Over the past three weeks, there’s been an abundance of news reports and opinion pieces related to the fires in the Amazon rainforest. It’s not undeserved. At more than 2 million square miles, the tropical rainforest is the world’s largest, not to mention a treasure trove of flora, fauna and landforms. Nowhere on Earth is there more biodiversity. Its beauty alone commands awe and respect.
Yes, it’s not surprising that the world should be concerned with the tens of thousands of wildfires that have hit this planetary wonder. What’s confounding is the amount of misguided rhetoric that has sprung forth, not the least of which is that U.S. beef consumption is to blame for the blazes. (For the record, it’s not. Only 0.5% of beef consumed in the United States comes from Brazil – where the largest portion of the rainforest is located – and soy produced there is not fed to U.S. beef cattle.)
Make no mistake – I’m not minimizing the wildfires.
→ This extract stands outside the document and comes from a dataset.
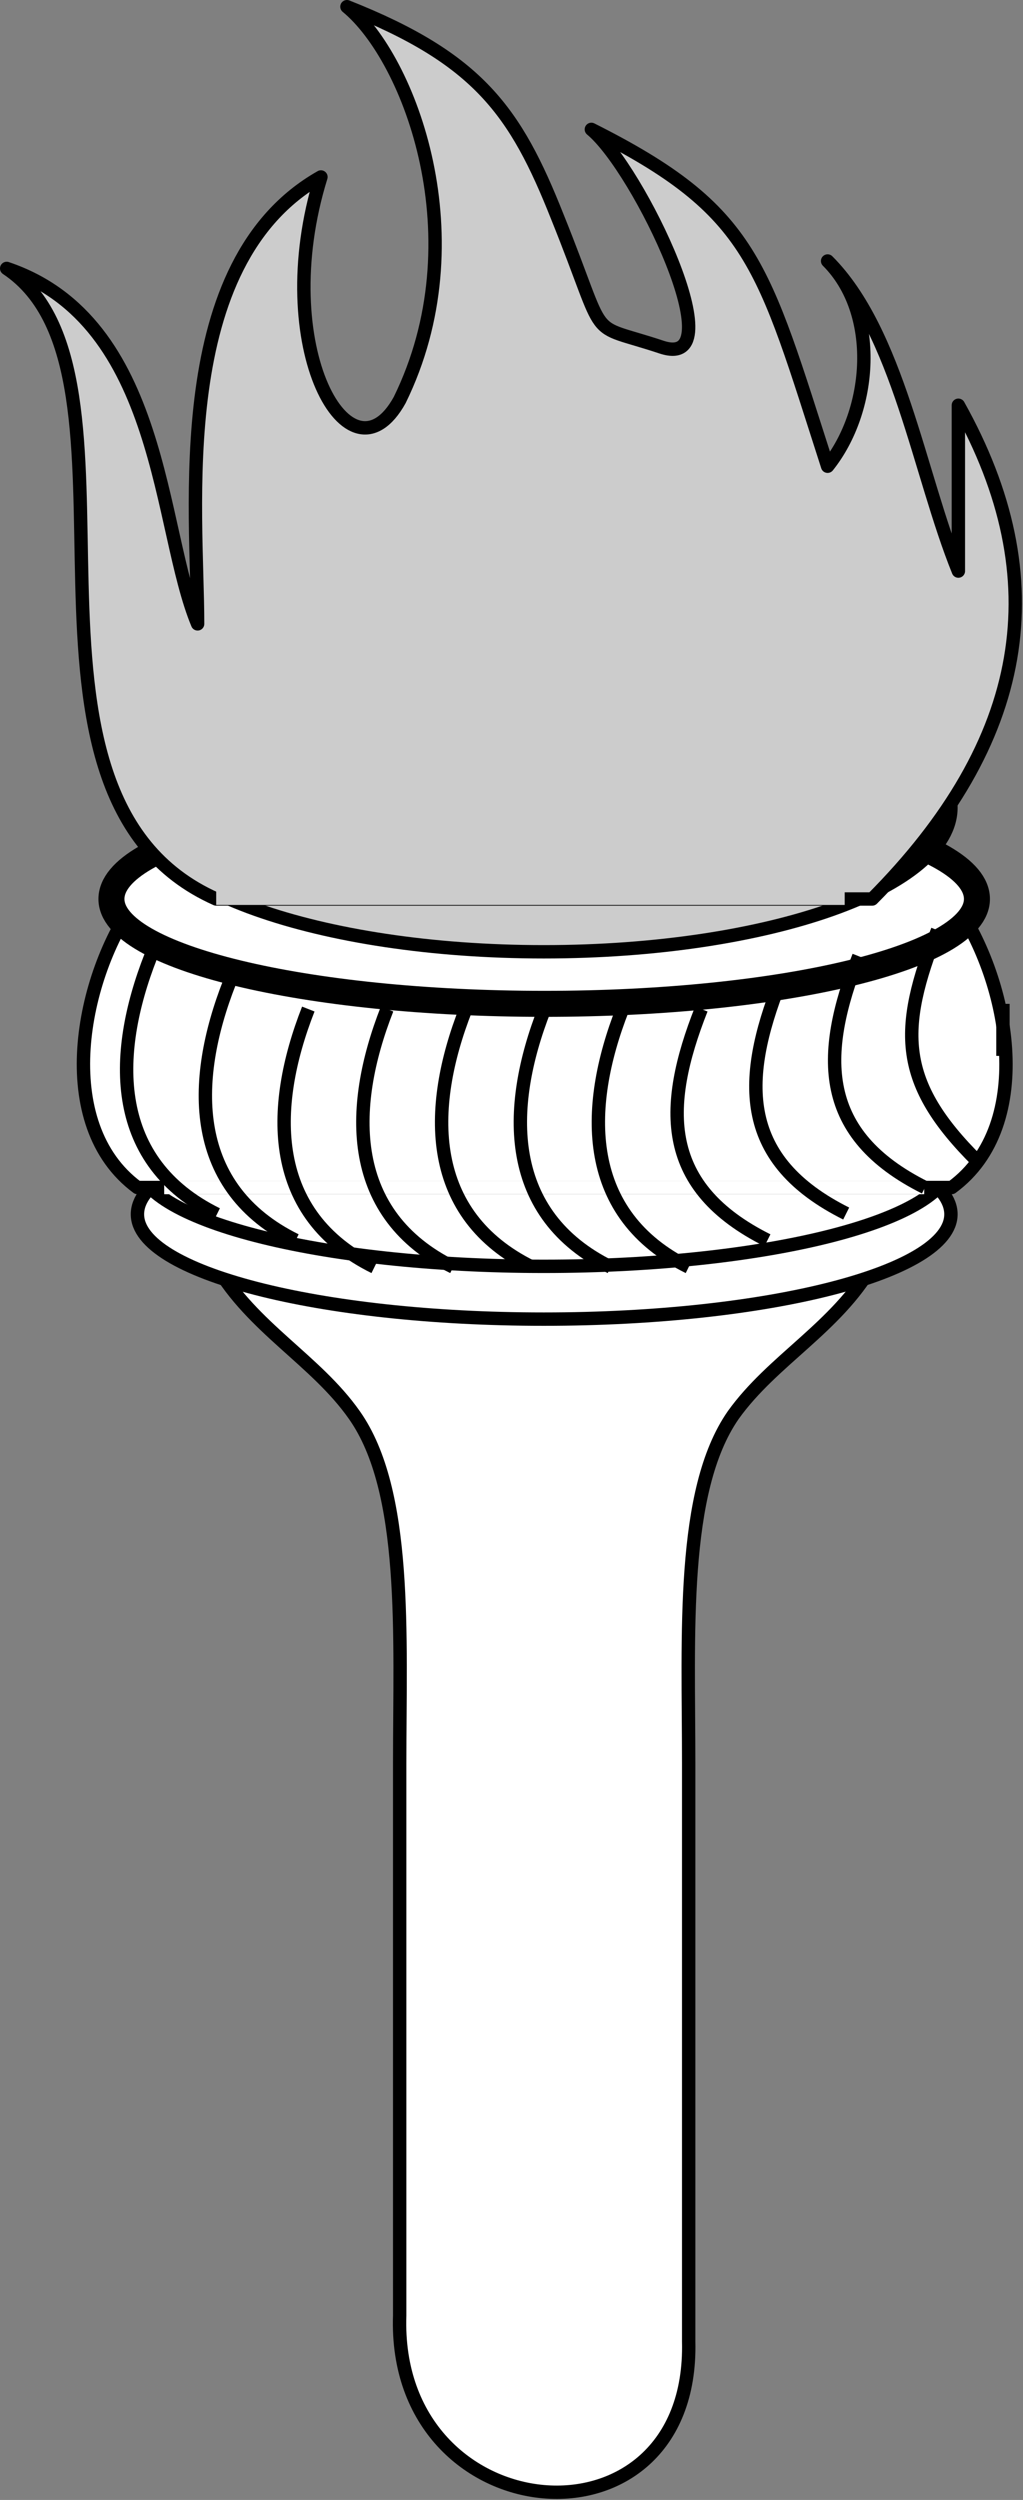 <svg version="1.2" width="52.044" height="127.068" viewBox="0 0 1377 3362" preserveAspectRatio="xMidYMid" fill-rule="evenodd" stroke-width="28.222" stroke-linejoin="round" xml:space="preserve" xmlns="http://www.w3.org/2000/svg"><rect x="0" y="0" width="1377" height="3362" fill="#808080" stroke="none"/><defs class="ClipPathGroup"><clipPath id="a" clipPathUnits="userSpaceOnUse"><path d="M0 0h21590v27940H0z"/></clipPath></defs><g class="SlideGroup"><g class="Slide" clip-path="url(#a)" transform="translate(-10098 -12250)"><g class="Page"><g class="com.sun.star.drawing.ClosedBezierShape"><path class="BoundingBox" fill="none" d="M10380 13943h903v1669h-903z"/><path fill="#fff" d="M10389 13952h883c-49 84-134 127-187 201-71 102-60 296-60 469v777c7 293-399 257-389-35v-742c0-173 11-367-61-469-52-74-137-117-186-201z"/><path fill="none" stroke="#000" stroke-width="18" d="M10389 13952h883c-49 84-134 127-187 201-71 102-60 296-60 469v777c7 293-399 257-389-35v-742c0-173 11-367-61-469-52-74-137-117-186-201z"/></g><g class="Group"><g class="com.sun.star.drawing.ClosedBezierShape"><path class="BoundingBox" fill="none" d="M10274 13732h1114v302h-1114z"/><path fill="#fff" d="M10283 13883c0-79 244-142 547-142s548 63 548 142c0 78-245 141-548 141s-547-63-547-141z"/><path fill="none" stroke="#000" stroke-width="18" d="M10283 13883c0-79 244-142 547-142s548 63 548 142c0 78-245 141-548 141s-547-63-547-141z"/></g></g><g class="Group"><g class="com.sun.star.drawing.ClosedBezierShape"><path class="BoundingBox" fill="none" d="M10274 13661h1114v302h-1114z"/><path fill="#fff" d="M10283 13812c0-79 244-142 547-142s548 63 548 142c0 78-245 141-548 141s-547-63-547-141z"/><path fill="none" stroke="#000" stroke-width="18" d="M10283 13812c0-79 244-142 547-142s548 63 548 142c0 78-245 141-548 141s-547-63-547-141z"/></g></g><g class="com.sun.star.drawing.ClosedBezierShape"><path class="BoundingBox" fill="none" d="M10201 13449h1261v408h-1261z"/><path fill="#fff" d="M10283 13847h1096c116-85 77-284 0-389h-1096c-77 105-115 304 0 389z"/><path fill="none" stroke="#000" stroke-width="18" d="M10283 13847h1096c116-85 77-284 0-389h-1096c-77 105-115 304 0 389z"/></g><g class="Group"><g class="com.sun.star.drawing.ClosedBezierShape"><path class="BoundingBox" fill="none" d="M10230 13299h1202v320h-1202z"/><path fill="#fff" d="M10248 13459c0-79 260-142 583-142 321 0 582 63 582 142 0 78-261 141-582 141-323 0-583-63-583-141z"/><path fill="none" stroke="#000" stroke-width="35" d="M10248 13459c0-79 260-142 583-142 321 0 582 63 582 142 0 78-261 141-582 141-323 0-583-63-583-141z"/></g></g><g class="Group"><g class="com.sun.star.drawing.ClosedBezierShape"><path class="BoundingBox" fill="none" d="M10274 13131h1114v409h-1114z"/><path fill="#ccc" d="M10283 13336c0-109 244-195 547-195s548 86 548 195c0 107-245 194-548 194s-547-87-547-194z"/><path fill="none" stroke="#000" stroke-width="18" d="M10283 13336c0-109 244-195 547-195s548 86 548 195c0 107-245 194-548 194s-547-87-547-194z"/></g></g><g class="com.sun.star.drawing.ClosedBezierShape"><path class="BoundingBox" fill="none" d="M10098 12250h1377v1219h-1377z"/><path fill="#ccc" d="M10389 13459h883c211-212 247-430 116-664v223c-53-131-81-322-176-417 70 70 60 201 0 276-88-273-99-343-318-453 64 53 194 325 95 293-105-35-70 0-141-176-56-141-106-212-283-282 85 70 177 313 71 529-67 121-177-71-106-300-205 116-166 449-166 601-53-127-46-407-257-478 211 141-35 707 282 848z"/><path fill="none" stroke="#000" stroke-width="18" d="M10389 13459h883c211-212 247-430 116-664v223c-53-131-81-322-176-417 70 70 60 201 0 276-88-273-99-343-318-453 64 53 194 325 95 293-105-35-70 0-141-176-56-141-106-212-283-282 85 70 177 313 71 529-67 121-177-71-106-300-205 116-166 449-166 601-53-127-46-407-257-478 211 141-35 707 282 848z"/></g><g fill="none" class="com.sun.star.drawing.LineShape"><path class="BoundingBox" d="M10380 13449h865v19h-865z"/><path stroke="#ccc" stroke-width="18" d="M10389 13458h846"/></g><g fill="none" class="com.sun.star.drawing.LineShape"><path class="BoundingBox" d="M10310 13838h1042v19h-1042z"/><path stroke="#fff" stroke-width="18" d="M10319 13847h1023"/></g><g fill="none" class="com.sun.star.drawing.OpenBezierShape"><path class="BoundingBox" d="M10259 13526h141v367h-141z"/><path stroke="#000" stroke-width="18" d="M10301 13536c-53 135-53 277 89 347"/></g><g fill="none" class="com.sun.star.drawing.OpenBezierShape"><path class="BoundingBox" d="M10365 13562h141v366h-141z"/><path stroke="#000" stroke-width="18" d="M10407 13571c-53 135-53 277 89 347"/></g><g fill="none" class="com.sun.star.drawing.OpenBezierShape"><path class="BoundingBox" d="M10471 13597h141v367h-141z"/><path stroke="#000" stroke-width="18" d="M10513 13607c-53 135-53 277 89 347"/></g><g fill="none" class="com.sun.star.drawing.OpenBezierShape"><path class="BoundingBox" d="M10577 13597h141v367h-141z"/><path stroke="#000" stroke-width="18" d="M10619 13607c-53 135-53 277 89 347"/></g><g fill="none" class="com.sun.star.drawing.OpenBezierShape"><path class="BoundingBox" d="M10683 13597h141v367h-141z"/><path stroke="#000" stroke-width="18" d="M10725 13607c-53 135-53 277 89 347"/></g><g fill="none" class="com.sun.star.drawing.OpenBezierShape"><path class="BoundingBox" d="M10789 13597h141v367h-141z"/><path stroke="#000" stroke-width="18" d="M10831 13607c-53 135-53 277 89 347"/></g><g fill="none" class="com.sun.star.drawing.OpenBezierShape"><path class="BoundingBox" d="M10894 13597h141v367h-141z"/><path stroke="#000" stroke-width="18" d="M10936 13607c-53 135-53 277 89 347"/></g><g fill="none" class="com.sun.star.drawing.OpenBezierShape"><path class="BoundingBox" d="M11000 13598h141v330h-141z"/><path stroke="#000" stroke-width="18" d="M11042 13607c-53 134-53 240 89 311"/></g><g fill="none" class="com.sun.star.drawing.OpenBezierShape"><path class="BoundingBox" d="M11106 13562h141v330h-141z"/><path stroke="#000" stroke-width="18" d="M11148 13571c-53 134-53 240 89 311"/></g><g fill="none" class="com.sun.star.drawing.OpenBezierShape"><path class="BoundingBox" d="M11212 13527h141v330h-141z"/><path stroke="#000" stroke-width="18" d="M11254 13536c-53 134-53 240 89 311"/></g><g fill="none" class="com.sun.star.drawing.OpenBezierShape"><path class="BoundingBox" d="M11316 13492h108v330h-108z"/><path stroke="#000" stroke-width="18" d="M11360 13501c-53 134-53 205 54 311"/></g><g fill="none" class="com.sun.star.drawing.LineShape"><path class="BoundingBox" d="M11439 13591h19v89h-19z"/><path stroke="#000" stroke-width="18" d="M11448 13600v70"/></g></g></g></g></svg>

Neither am I being cavalier about the myriad of issues behind them or the effects they could or will have in the near and long term. The environment is an intricately composed symphony. When one instrument is out of tune or a musician misses a note, the performance is the lesser for it. Maybe not even worth the price of admission. In environmental terms, that means a lot of cacophony in the form of extinction, pollution, climate change and more.
Like you, I’ve been reading and listening intently these past few weeks. Elements of some conversations have intrigued me; others have caused me to shake my head. Perhaps the most alarming of all claims is that the Amazon is the Earth’s lungs.
The idea here is that such a vast reserve of plant life is responsible for taking a large amount of carbon dioxide out of the atmosphere and giving us much-needed oxygen through a process that harnesses solar power to perform photosynthesis. Lose the rainforest and we miss out on all that O2 being “exhaled” by plant life. Without oxygen, we struggle to breathe, and we die.
French President Emanuel Macron even went on record to say we’d be without 20 percent of our oxygen if the Amazon rainforest burned to the ground. He isn’t alone. Others are issuing similar warnings.
There’s nothing pleasant about the thought of gasping for air, but don’t let it keep you up at night. The Atlantic recently painted a very different picture, which should make us all breathe easier, at least when it comes to our oxygen supply. Kudos to Peter Brannen for tapping into the work of Shanan Peters, a geologist from the University of Wisconsin at Madison, to debunk the lungs myth.
Professor Peters points out that oxygen has been accumulating in our atmosphere for billions of years, the byproduct not of photosynthesis, but of wasted plants and animals that exist now as fossil fuels. In fact, we have a glut of the stuff that we humans need to live; our atmosphere is 20.9 percent oxygen. If the Amazon rainforest were to disappear, that number would move downward – by a mere .5 percent, Professor Peters said. In a nutshell, “Humans could burn every living thing on the planet and still not dent its oxygen supply.”
As an important aside, our store of oxygen doesn’t mean we’re in the clear. Particles and smog-forming gases that a fire produces are irritants; toxic even. Think of an ordinary housefire where inhabitants suffer smoke inhalation, but on a massive scale.
As far as oxygen goes, humans and plants have been in lockstep since the first person walked the Earth, both players in a cycle whereby plants are able to absorb carbon and convert it to food that nourishes us – or if it can’t be digested by us – nourishes animals that we can digest. The oxygen that’s put back in the atmosphere during photosynthesis is a bonus, but we’d be fine without it. Incidentally, most of it (50 to 85 percent) comes courtesy of phytoplankton in Earth’s oceans, not vegetation in the Amazon rainforest. The microscopic algae serve as the first link in a complex and vast aquatic food chain.
We’re not in danger of running out of oxygen anytime soon, so we can relax about that, even if we can’t always sit back and take a cleansing breath.